Diet trap #2: Treating fruits and vegetables like equals. Up to 80% of Canadians aren’t getting enough of the health-promoting, disease-fighting phytonutrients found in colorful fruits and vegetables. You should be eating a wide variety of fruits and vegetables from each colour group (eg. green, red, white, yellow, purple) every day, for a total of about 7-10 servings daily servings. One serving is about ½ cup of chopped raw fruit or vegetables, or one whole small fruit such as an apricot or a peach. However, just because whole fruit is good for you doesn’t mean you can get away with eating whole bag of apples throughout the day.
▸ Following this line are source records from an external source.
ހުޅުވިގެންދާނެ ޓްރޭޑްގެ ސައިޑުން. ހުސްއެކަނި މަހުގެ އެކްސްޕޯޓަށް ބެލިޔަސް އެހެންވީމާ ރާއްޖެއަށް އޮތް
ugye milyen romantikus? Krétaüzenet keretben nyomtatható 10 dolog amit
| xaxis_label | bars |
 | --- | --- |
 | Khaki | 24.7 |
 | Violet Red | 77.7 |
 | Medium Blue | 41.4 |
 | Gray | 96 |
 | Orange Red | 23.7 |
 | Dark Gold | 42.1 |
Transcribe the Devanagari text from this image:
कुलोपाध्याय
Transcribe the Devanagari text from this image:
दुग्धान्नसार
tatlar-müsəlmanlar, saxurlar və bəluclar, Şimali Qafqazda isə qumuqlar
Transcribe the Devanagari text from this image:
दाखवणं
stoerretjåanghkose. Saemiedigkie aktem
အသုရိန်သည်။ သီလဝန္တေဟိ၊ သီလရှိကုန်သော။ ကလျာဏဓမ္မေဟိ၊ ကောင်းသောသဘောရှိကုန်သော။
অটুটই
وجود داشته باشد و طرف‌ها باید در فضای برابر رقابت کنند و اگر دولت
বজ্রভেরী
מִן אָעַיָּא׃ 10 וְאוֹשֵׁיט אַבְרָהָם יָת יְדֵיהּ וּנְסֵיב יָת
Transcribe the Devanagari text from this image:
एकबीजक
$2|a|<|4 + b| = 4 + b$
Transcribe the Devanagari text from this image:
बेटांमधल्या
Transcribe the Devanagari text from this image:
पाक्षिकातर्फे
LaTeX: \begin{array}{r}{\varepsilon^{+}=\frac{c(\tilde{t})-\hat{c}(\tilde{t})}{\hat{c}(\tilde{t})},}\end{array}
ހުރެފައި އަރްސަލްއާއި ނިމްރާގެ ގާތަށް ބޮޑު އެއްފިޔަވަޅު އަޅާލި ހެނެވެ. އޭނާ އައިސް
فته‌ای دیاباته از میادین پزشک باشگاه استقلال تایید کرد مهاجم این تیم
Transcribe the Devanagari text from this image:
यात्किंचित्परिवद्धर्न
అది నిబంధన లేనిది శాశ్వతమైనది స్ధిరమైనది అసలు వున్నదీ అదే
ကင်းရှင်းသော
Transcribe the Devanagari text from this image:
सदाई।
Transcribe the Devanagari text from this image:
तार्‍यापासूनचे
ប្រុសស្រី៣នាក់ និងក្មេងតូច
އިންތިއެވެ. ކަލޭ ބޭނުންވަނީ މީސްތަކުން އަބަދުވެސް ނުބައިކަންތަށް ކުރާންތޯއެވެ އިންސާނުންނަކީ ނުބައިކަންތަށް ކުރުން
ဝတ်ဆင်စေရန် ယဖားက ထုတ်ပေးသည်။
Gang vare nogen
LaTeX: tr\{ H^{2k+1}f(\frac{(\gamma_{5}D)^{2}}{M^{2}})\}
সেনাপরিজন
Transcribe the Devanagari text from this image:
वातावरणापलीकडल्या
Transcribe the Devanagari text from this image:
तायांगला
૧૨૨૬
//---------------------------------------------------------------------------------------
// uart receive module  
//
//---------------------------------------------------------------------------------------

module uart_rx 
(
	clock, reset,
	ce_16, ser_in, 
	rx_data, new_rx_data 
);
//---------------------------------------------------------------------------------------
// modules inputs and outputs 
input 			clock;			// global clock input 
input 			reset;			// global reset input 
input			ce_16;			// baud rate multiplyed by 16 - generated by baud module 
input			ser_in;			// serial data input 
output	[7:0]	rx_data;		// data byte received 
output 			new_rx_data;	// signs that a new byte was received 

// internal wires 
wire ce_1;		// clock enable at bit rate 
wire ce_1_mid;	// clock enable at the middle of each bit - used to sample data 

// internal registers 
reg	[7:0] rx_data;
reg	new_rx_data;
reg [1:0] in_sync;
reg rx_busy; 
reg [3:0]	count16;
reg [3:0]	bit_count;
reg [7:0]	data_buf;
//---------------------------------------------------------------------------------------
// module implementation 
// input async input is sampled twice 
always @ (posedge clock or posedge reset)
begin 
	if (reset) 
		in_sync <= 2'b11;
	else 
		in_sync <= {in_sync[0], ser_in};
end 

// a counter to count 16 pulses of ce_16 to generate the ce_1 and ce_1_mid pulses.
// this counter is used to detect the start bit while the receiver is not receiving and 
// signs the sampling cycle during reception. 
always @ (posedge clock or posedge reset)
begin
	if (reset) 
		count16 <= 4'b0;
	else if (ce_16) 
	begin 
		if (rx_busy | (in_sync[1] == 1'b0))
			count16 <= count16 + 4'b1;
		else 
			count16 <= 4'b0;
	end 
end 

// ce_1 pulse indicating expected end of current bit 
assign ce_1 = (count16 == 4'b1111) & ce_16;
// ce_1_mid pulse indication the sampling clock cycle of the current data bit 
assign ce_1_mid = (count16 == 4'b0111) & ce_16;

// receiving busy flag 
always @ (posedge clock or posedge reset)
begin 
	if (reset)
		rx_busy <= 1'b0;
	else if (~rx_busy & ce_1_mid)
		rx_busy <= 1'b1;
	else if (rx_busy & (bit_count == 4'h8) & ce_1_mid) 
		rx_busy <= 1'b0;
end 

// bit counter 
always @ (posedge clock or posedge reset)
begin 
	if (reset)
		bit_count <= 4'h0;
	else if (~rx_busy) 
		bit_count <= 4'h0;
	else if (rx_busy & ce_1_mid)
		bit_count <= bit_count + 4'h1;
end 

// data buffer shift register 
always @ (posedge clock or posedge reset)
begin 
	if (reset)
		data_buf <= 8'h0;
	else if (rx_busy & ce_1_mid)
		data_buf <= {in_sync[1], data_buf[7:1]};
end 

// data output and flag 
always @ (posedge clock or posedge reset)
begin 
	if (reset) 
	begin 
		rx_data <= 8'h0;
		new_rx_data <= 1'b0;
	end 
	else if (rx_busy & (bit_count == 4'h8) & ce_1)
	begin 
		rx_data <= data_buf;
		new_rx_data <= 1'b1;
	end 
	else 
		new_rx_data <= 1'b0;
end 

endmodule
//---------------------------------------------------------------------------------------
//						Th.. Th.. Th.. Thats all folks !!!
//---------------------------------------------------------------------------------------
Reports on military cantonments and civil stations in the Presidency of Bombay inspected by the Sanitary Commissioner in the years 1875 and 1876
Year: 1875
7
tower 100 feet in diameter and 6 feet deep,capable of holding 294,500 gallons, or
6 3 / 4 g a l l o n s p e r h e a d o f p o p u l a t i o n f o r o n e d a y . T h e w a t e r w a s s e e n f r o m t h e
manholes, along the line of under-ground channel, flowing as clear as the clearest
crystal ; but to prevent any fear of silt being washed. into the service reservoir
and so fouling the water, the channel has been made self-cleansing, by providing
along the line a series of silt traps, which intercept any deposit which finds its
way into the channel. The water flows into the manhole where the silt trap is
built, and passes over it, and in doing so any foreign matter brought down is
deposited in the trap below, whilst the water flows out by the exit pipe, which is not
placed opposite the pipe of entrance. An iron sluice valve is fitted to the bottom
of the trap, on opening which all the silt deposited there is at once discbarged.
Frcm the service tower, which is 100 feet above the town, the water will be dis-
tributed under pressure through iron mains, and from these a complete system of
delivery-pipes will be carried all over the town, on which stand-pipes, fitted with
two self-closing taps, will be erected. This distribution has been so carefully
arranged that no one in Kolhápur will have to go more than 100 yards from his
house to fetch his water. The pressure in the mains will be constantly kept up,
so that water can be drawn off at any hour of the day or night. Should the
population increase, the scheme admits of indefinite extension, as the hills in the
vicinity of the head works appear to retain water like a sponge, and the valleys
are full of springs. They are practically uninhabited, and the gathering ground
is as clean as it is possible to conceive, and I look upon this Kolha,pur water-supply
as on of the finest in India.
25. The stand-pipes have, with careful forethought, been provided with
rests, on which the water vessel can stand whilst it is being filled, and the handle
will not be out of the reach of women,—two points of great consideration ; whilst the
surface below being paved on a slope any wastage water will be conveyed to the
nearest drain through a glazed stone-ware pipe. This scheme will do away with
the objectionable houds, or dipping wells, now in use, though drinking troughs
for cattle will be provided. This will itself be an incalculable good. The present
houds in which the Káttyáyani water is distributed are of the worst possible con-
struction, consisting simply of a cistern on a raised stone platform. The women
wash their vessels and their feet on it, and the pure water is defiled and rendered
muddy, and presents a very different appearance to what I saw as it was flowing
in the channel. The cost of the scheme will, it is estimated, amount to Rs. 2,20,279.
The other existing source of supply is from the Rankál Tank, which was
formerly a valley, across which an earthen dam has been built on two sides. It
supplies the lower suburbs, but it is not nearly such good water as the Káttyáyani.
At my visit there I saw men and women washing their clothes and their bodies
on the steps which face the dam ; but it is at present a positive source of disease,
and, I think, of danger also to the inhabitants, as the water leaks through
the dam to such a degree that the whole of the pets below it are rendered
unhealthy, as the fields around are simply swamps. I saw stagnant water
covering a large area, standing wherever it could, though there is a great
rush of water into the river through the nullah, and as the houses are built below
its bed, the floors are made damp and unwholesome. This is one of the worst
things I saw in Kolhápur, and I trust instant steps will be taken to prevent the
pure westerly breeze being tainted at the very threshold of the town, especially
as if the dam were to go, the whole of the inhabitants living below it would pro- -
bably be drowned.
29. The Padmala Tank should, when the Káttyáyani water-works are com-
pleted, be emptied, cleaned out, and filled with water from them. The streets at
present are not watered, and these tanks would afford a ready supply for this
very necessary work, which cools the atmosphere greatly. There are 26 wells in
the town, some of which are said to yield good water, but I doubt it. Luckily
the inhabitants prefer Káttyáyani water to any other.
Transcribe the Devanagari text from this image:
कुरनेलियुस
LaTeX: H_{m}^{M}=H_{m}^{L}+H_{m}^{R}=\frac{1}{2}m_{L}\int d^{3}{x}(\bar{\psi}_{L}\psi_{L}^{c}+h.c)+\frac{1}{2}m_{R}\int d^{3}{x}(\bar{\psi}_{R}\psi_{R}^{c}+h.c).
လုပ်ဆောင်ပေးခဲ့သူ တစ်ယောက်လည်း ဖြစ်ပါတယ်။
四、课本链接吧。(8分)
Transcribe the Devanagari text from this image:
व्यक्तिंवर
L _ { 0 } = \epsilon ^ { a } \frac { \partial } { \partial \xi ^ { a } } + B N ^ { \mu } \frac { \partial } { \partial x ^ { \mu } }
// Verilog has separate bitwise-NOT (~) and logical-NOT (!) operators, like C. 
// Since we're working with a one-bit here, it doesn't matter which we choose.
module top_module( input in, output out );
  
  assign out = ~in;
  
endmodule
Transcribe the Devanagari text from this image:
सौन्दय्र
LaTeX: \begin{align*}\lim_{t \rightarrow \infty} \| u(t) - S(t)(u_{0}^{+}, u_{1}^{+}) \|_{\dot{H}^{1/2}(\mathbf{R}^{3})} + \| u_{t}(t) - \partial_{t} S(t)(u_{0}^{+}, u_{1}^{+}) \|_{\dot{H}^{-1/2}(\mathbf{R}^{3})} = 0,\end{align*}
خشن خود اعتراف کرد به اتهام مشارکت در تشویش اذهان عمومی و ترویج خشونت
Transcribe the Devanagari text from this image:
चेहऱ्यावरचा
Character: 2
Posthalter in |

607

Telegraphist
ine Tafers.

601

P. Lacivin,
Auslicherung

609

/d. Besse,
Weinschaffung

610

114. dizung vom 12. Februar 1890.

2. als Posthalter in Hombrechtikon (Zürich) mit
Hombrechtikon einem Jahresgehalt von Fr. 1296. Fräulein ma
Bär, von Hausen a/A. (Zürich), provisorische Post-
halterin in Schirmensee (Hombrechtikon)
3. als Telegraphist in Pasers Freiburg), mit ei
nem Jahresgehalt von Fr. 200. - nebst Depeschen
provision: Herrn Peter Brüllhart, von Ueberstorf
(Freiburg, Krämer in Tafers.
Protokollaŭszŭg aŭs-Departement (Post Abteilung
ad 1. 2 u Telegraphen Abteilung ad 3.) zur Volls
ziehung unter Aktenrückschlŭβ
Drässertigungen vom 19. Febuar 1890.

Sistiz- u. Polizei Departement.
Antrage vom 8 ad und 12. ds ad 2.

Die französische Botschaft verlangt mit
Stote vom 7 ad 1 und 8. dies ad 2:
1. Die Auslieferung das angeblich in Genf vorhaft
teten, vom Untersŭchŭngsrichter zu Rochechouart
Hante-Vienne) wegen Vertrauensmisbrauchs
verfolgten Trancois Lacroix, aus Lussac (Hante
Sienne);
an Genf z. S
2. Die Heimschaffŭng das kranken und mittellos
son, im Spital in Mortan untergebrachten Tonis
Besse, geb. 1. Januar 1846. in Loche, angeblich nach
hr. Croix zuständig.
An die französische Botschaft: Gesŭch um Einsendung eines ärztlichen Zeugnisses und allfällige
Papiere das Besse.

Fruits are higher in naturally-occurring sugars, and as such, when you are trying to manage your weight, it’s important to focus on eating more vegetables than fruit. Of your daily recommended fruit and vegetable servings, the split should be about 70:30, vegetables to fruit. Eating a bowl of fruit salad isn't the same as eating a bowl of kale. If you love snacking between meals, fill up on lower Calorie vegetables like celery, lettuce, collard greens, cucumbers, and sugar snap peas. Also, before adding anything else to your plate at lunch and dinner, fill half of it with veggies.
Diet trap #3: Fasting. You may have fasted in the past and had short term success, but for most people, extreme dieting doesn’t work as a healthy, sustainable weight management solution. In fact, fasting is often counterproductive. You might lose some weight at first and gain more after. This is because starvation diets tap into evolutionary biological mechanisms that used to kick in when food was scarce. "During famine, our bodies respond to lower calorie intakes by slowing down the metabolism to not burn as much energy” says Dr. Farrell Cahill, Director of Research at Medisys Health Group. “Our bodies are regulated by a delicate balance of hormones and that balance gets disturbed when you starve yourself," he continues.
If you are trying to lose excess weight, physical activity and healthy eating habits are critical, but other lifestyle factors play a key role as well. About 1 in 3 Canadians are chronically sleep deprived and up to half of Canadians aren't drinking enough water, both can have a significant impact on weight.
Insufficient hydration: How much water you drink matters, a lot. Sufficient hydration helps regulate hunger because your metabolism is directly linked to water consumption. Carbohydrates are broken into their component molecules by water through a process called hydrolysis. As such, insufficient water intake can result in slowed metabolism, leading to weight gain. In fact, one study found that drinking more water helped boost healthy men and women’s metabolic rate by 30% (to read more, click here).
Poor sleep habits: When it comes to weight management, sleep is an important hemostatic modulator and the reduction of sleep has been shown to significantly decrease both glucose and fat metabolism while also inappropriately increasing appetite, leading to weight gain. “Sleep plays an important role in regulating the hormones that influence hunger (ghrelin, cortisol, and leptin),” explains Medisys Registered Dietitian Richelle Tabelon, “that’s why sleep deprivation increases appetite and lads to overeating and weight gain” Tabelon continues. To read more click here.
Regular exercise and maintaining a healthy diet will always be important components of weight maintenance – but if you are exercising and eating all the right things and your diet still isn’t working, it may be time to look at other lifestyle habits that could be playing a role.